Tuesday, December 18, 2012

incidentais #13 -- das aspirações de um lapuz

do cap. I

* o incipit -- «Preta e branca, preta e branca, preta e branca, o preto mui luzidio e muito níveo o branco, a pega, de cauda trémula, inquieta, saracoteava entre carumas e urgueiras, esconde aqui, surge ali, e por fim erguia voo até a copa alta do pinheiro, levando no bico ramo seco ou graveto.»

* É a visão do protagonista, Manuel da Bouça, deitado à sombra de uma árvore, seguindo a azáfama do pássaro e distraído, por momentos, da decisão que já havia tomado intimamente mas ainda não comunicara a Amélia e a Deolinda, mulher e filha: partir, só, para o Brasil.

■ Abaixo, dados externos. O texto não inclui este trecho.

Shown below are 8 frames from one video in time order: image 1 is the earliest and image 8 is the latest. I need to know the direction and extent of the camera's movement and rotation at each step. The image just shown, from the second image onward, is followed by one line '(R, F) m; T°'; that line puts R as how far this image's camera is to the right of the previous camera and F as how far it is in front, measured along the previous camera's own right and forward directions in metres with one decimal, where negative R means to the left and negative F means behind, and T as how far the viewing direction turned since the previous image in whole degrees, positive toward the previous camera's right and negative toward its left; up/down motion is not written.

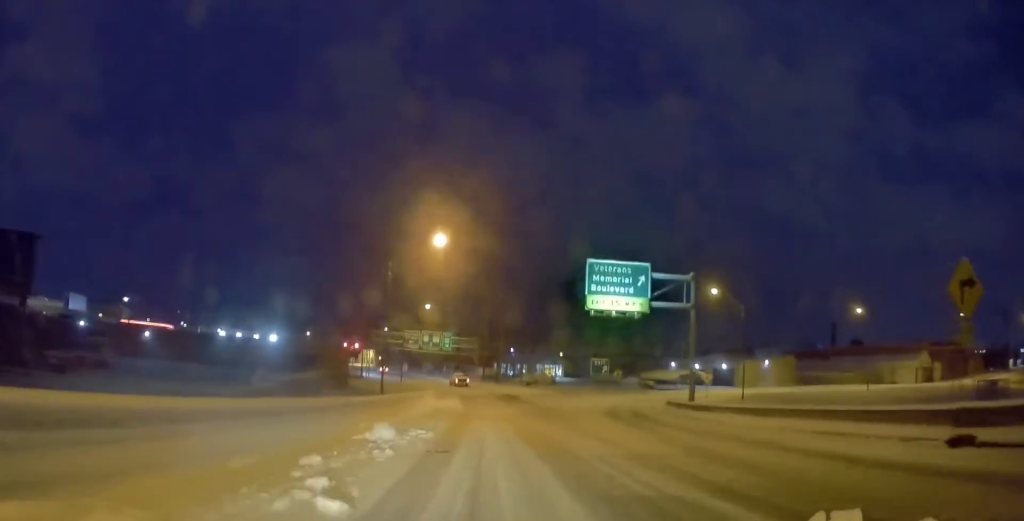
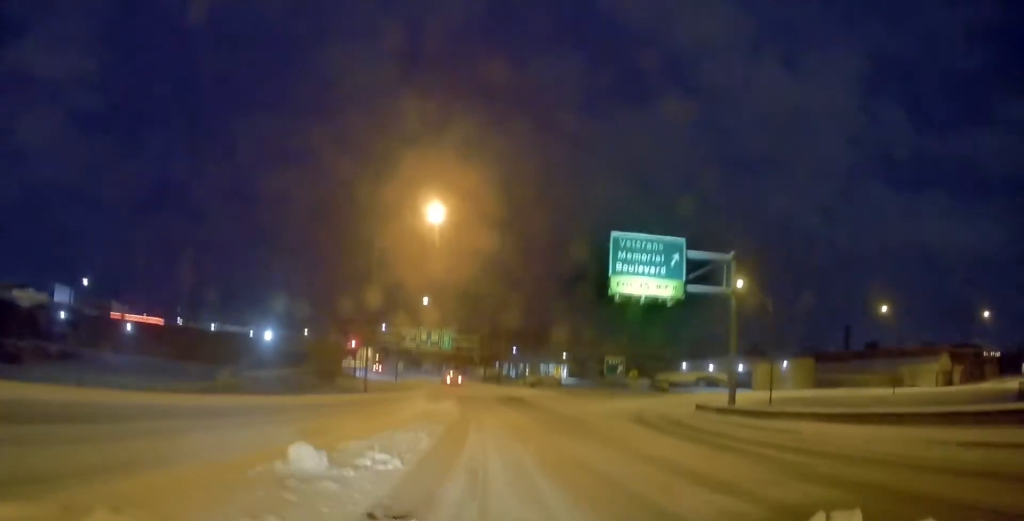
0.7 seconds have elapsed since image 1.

* Enquanto observava, vinha-lhe à memória a infância, tempo de pureza, inocência originària; quando desvia o olhar e vê terras bem tratadas e prósperas, nada que se comparasse com as pequenas courelas que entretanto hipotecara, angariando assim o dinheiro para a viagem o olhar tolda-se. Possuí-las «era o seu único sonho, a grande aspiração da sua vida.»; meio de casar bem a filha, acrescentar os bens e alcançar uma notoriedade vedada à sua insignificância social, mimetizando o brasileiro torna-viagem bem sucedido.r

*O que se verifica com Manuel da Bouça é a escravização à miragem do ter. Ser proprietário, enriquecer, é o desiderato da personagem, que, pelo negativo, é ponto de partida para se descortinar a posição ideológica do autor 

* É certo que nela existe algum inconformismo em face da mediocridade da existência naquela aldeia da Frágua; mas como já escrevi, Manuel da Bouça é  um tipo fundamentalmente negativo, mesquinho e ignaro, sublinhado pela sua esplêndia caracterização, a um tempo física e psicológica: «olhos castanhos, pequeninos e movediços», «era tosca cariátide de sobreiro aquele corpo meão mas rijo».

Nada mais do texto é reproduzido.